Dans cette société duale, il faut bien comprendre qu’il y a dorénavant deux types d’individus, ceux qui sont confinés par définition et tous les autres. Ceux pour qui c’est comme avant et pour lesquels le « restez chez vous » est sans objet. Les artisans qui bossent chez les particuliers (normal ils ont besoin de gagner leur croûte), les éboueurs, les livreurs, les boulangers en tournée, les facteurs. Les confinés forment société à part, une société d’assistés et indemnisés qui n’a qu’à se taire.

mon outillage de confiné plié en quatre dans ma poche pour le cas où…
La rigueur de nos soignants qui ne cessent de nous donner des leçons de civisme sur Facebook est soumise à rude épreuve. Comme en témoigne ce masque FFP2 abandonné dans le parc de mon Ehpad à coté de la chaise.

Ma zone de confinement K5

Ma nouvelle zone de confinement K5 pour mon jogging matinal. Je vais même pouvoir grimper dans le vignoble de Leimbach. C’est inespéré.On pourrait aussi envisager de nous suivre avec un bracelet électronique comme les prisonniers. Chaque fois qu’on sortirait de la zone, on recevrait une décharge électrique.On est entrain de nous inventer un univers à la George Orwell pour le bien de l’humanité

Après les nouvelles mesures de confinement imposées par le gouvernement ce soir sur TF1 par le premier ministre Philippe , les zones réservées au sport, tel le jogging ou la marche, ne peuvent plus excéder un rayon d’un kilomètre autour de son domicile et une heure de durée.

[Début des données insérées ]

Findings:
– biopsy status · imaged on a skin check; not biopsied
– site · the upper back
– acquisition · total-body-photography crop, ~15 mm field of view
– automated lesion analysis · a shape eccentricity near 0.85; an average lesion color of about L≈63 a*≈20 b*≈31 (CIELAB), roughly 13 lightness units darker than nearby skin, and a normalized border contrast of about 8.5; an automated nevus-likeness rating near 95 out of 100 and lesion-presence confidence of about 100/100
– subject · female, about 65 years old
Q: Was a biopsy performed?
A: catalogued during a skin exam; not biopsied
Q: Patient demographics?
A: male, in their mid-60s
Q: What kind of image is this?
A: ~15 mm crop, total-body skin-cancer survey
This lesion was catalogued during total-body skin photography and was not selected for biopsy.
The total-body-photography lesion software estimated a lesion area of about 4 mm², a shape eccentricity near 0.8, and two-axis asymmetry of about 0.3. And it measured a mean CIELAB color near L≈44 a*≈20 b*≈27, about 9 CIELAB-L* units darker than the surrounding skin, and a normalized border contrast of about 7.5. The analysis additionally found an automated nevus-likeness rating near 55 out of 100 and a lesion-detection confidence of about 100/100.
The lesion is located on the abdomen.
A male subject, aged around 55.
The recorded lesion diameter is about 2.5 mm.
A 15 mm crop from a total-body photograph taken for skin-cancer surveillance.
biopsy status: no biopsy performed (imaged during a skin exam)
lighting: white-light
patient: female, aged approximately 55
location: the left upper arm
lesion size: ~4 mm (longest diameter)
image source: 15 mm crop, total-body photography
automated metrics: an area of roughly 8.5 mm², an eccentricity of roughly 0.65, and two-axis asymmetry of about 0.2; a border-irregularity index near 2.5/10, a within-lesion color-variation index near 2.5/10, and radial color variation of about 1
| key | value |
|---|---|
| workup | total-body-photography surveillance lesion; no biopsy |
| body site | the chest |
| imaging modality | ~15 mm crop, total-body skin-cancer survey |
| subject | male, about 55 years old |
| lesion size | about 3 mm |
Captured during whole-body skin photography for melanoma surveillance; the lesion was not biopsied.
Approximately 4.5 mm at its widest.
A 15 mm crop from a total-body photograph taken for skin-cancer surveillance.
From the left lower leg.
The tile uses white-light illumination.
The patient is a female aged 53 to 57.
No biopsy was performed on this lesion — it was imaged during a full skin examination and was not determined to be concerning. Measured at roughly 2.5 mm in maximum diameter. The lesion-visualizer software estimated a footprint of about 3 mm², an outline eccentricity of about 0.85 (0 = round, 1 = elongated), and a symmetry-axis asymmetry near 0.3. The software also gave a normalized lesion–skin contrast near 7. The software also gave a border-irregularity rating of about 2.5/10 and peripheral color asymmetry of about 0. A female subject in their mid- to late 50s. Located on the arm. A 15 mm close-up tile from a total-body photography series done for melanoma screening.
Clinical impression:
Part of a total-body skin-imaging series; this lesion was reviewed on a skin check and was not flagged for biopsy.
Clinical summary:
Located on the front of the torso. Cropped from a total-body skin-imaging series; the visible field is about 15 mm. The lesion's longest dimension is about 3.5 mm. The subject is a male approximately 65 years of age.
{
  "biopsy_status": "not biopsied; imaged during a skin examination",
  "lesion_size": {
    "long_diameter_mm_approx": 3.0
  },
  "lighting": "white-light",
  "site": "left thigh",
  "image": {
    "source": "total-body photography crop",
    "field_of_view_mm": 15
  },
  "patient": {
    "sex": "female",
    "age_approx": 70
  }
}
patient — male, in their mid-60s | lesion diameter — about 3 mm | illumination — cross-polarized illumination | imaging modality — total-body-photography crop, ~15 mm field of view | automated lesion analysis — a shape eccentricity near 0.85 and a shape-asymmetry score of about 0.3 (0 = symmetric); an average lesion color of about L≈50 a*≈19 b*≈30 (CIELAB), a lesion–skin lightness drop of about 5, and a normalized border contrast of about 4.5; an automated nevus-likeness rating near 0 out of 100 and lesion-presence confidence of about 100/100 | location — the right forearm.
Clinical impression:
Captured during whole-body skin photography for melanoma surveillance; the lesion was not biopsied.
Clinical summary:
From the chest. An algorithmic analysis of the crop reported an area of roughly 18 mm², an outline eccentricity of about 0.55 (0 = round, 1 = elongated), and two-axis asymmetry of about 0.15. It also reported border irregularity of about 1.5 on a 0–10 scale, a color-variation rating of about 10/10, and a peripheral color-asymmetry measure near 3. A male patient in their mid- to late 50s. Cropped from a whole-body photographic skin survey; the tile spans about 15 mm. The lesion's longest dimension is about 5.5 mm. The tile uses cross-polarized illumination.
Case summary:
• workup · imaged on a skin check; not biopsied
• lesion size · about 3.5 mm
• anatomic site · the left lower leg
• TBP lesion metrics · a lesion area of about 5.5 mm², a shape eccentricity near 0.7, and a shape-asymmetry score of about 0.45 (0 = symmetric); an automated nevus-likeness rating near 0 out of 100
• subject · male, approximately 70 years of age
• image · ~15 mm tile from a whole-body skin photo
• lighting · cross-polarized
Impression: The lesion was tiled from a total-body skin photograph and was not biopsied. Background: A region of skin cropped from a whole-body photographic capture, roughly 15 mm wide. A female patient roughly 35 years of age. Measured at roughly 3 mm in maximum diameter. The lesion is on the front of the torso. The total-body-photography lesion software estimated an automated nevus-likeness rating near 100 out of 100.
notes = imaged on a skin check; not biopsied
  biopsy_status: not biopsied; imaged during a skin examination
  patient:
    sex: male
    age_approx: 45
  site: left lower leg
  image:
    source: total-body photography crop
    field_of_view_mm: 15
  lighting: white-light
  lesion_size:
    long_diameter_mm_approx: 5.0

Bien assez pour faire mon bonheur!

Outre l’attestation de déplacement dérogatoire mentionnant votre heure de départ, votre carte d’identité, il est donc préférable d’avoir avec soi en plus sa zone d’action pour prouver que vous ne dépassez pas les limites admises en cas de contrôle, la « promenade » ne devant pas dépasser une heure par jour.

Une heure par jour, ça me convient, je peux presque faire le tour complet de 7 km.